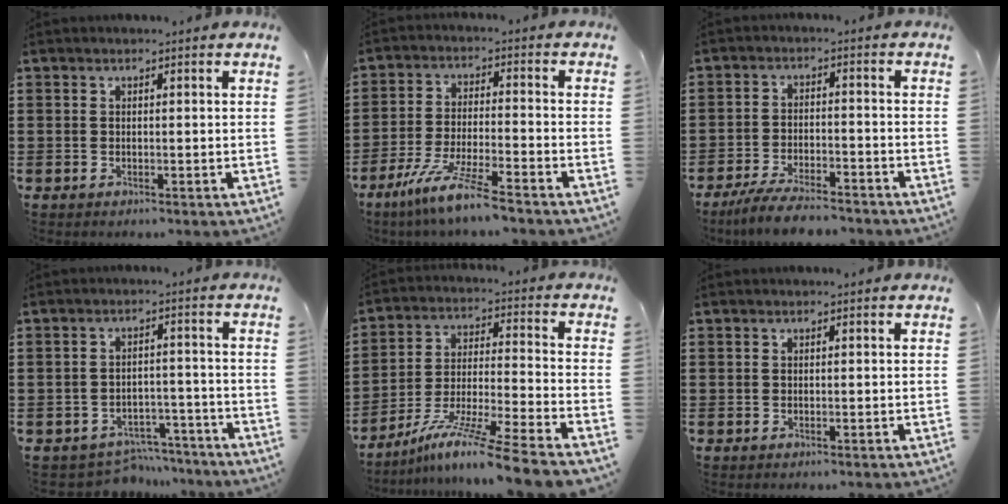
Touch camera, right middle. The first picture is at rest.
{"total": 7.9, "force": [-6.4, -0.3, 4.7], "torque": [-0.106, -0.018, -0.125]}
{"total": 5.7, "force": [-5.1, 0.6, 2.4], "torque": [-0.051, -0.004, -0.098]}
{"total": 4.7, "force": [-4.6, 1.2, 0.2], "torque": [-0.006, 0.011, -0.094]}
{"total": 11.5, "force": [-9.5, -0.8, 6.4], "torque": [-0.114, 0.002, -0.189]}
{"total": 0.0}
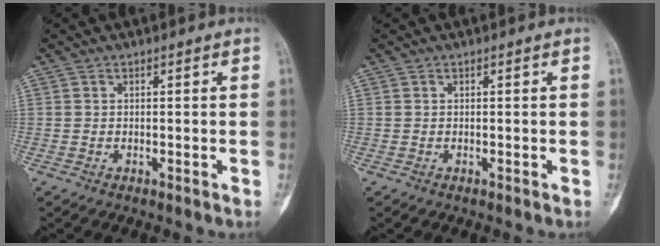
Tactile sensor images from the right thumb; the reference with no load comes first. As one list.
[{"total": 0.0}]
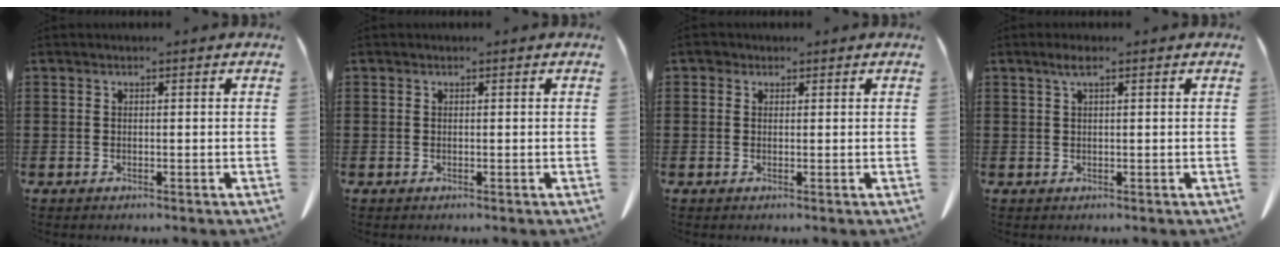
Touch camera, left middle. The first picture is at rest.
{"total": 0.0}
{"total": 1.2, "force": [0.7, 0.9, 0.3], "torque": [-0.010, 0.006, 0.013]}
{"total": 1.8, "force": [0.8, 0.3, 1.6], "torque": [-0.033, 0.003, 0.014]}
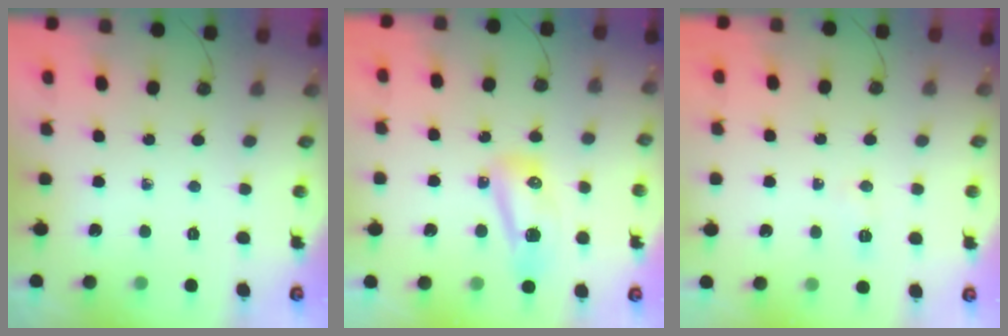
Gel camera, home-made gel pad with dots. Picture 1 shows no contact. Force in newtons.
{"total": 17.2, "press": 11.0, "slide": 13.2}
{"total": 5.2, "press": 5.1, "slide": 0.6}
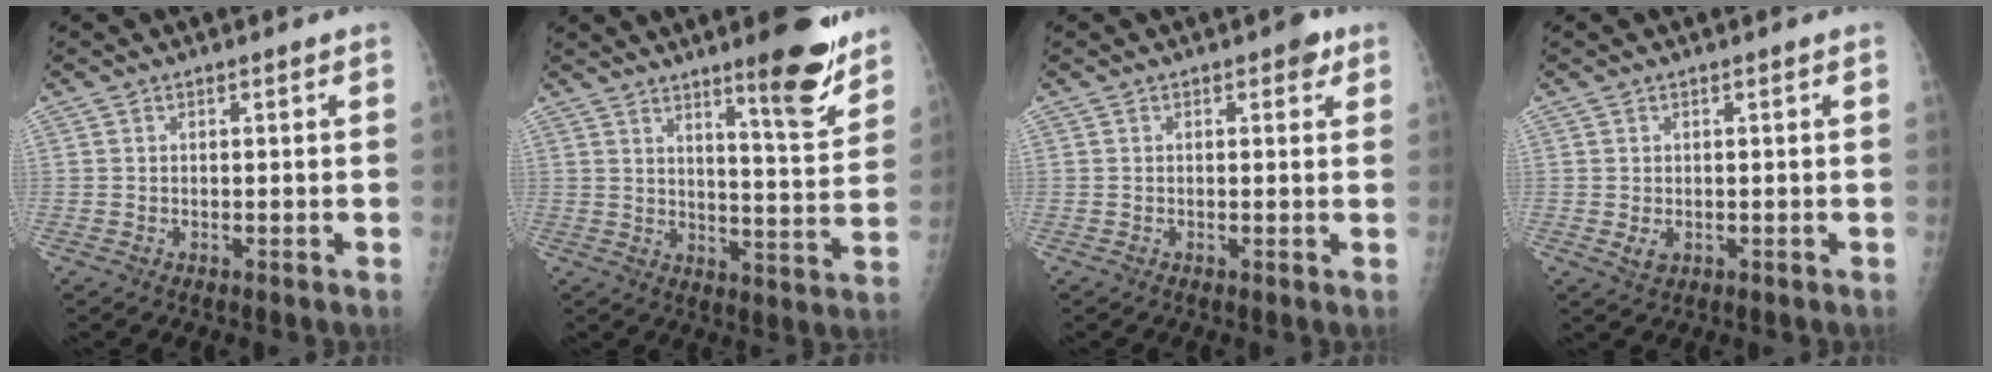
--
- [Directions]:
Exactly as written, give every entry again, but not the pictures.

- [Finished task]:
Touch camera, right middle. The first picture is at rest.
{"total": 7.9, "force": [-6.4, -0.3, 4.7], "torque": [-0.106, -0.018, -0.125]}
{"total": 5.7, "force": [-5.1, 0.6, 2.4], "torque": [-0.051, -0.004, -0.098]}
{"total": 4.7, "force": [-4.6, 1.2, 0.2], "torque": [-0.006, 0.011, -0.094]}
{"total": 11.5, "force": [-9.5, -0.8, 6.4], "torque": [-0.114, 0.002, -0.189]}
{"total": 0.0}
Tactile sensor images from the right thumb; the reference with no load comes first. As one list.
[{"total": 0.0}]
Touch camera, left middle. The first picture is at rest.
{"total": 0.0}
{"total": 1.2, "force": [0.7, 0.9, 0.3], "torque": [-0.010, 0.006, 0.013]}
{"total": 1.8, "force": [0.8, 0.3, 1.6], "torque": [-0.033, 0.003, 0.014]}
Gel camera, home-made gel pad with dots. Picture 1 shows no contact. Force in newtons.
{"total": 17.2, "press": 11.0, "slide": 13.2}
{"total": 5.2, "press": 5.1, "slide": 0.6}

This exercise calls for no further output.